Prop. iii. is the particular case of Prop. i., when the undivided line is equal to a segment of the divided line.

PROP. IV.—Theorem.

If a line (AB) be divided into any two parts (at C), the square on the whole line is equal to the sum of the squares on the parts (AC, CB), together with twice their rectangle.

Dem.—On AB describe a square ABDE. Join EB; through C draw CF parallel to AE, intersecting BE in G; and through G draw HI parallel to AB.

Now since AE is equal to AB, the angle ABE is equal to AEB [I. v.]; but since BE intersects the parallels AE, CF, the angle AEB is equal to CGB [I. xxix.]. Hence the angle CBG is equal to CGB, and therefore [I. vi.] CG is equal to CB; but CG is equal to BI and CB to GI. Hence the figure CBIG is a lozenge, and the angle CBI is right. Hence (I., Def. xxx.) it is a square. In like manner the figure EFGH is a square.

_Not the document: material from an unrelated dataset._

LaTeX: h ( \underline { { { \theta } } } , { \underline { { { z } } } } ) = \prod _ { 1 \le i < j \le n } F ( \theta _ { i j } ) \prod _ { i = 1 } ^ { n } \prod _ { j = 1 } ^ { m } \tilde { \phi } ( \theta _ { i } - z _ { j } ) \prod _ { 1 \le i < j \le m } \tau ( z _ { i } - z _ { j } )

Again, since CB is equal to CG, the rectangle AC.CB is equal to the rectangle AC.CG; but AC.CG is the figure AG (Def. iv.). Therefore the rectangle AC.CB is equal to the figure AG. Now the figures AG, GD are equal [I. xliii.], being the complements about the diagonal of the parallelogram AD. Hence the parallelograms AG, GD are together equal to twice the rectangle AC.CB. Again, the figure HF is the square on HG, and HG is equal to AC. Therefore HF is equal to the square on AC, and CI is the square on CB; but the whole figure AD, which is the square on AB, is the sum of the four figures HF, CI, AG, GD. Therefore the square on AB is equal to the sum of the squares on AC, CB, and twice the rectangle AC.CB.

Or thus: On AB describe the square ABDE, and cut off AH, EG, DF each equal to CB. Join CF, FG, GH, HC. Now the four △s ACH, CBF, FDG, GEH are evidently equal; therefore their sum is equal to four times the △ACH; but the △ACH is half the rectangle AC.AH (i. Cor. 2)—that is, equal to half the rectangle AC.CB. Therefore the sum of the four triangles is equal to 2AC.CB.

Again, the figure CFGH is a square [I. xlvi., Cor. 3], and equal to AC² + AH² [I. xlvii.]—that is, equal to AC² + CB². Hence the whole figure ABDE = AC² + CB² + 2AC.CB.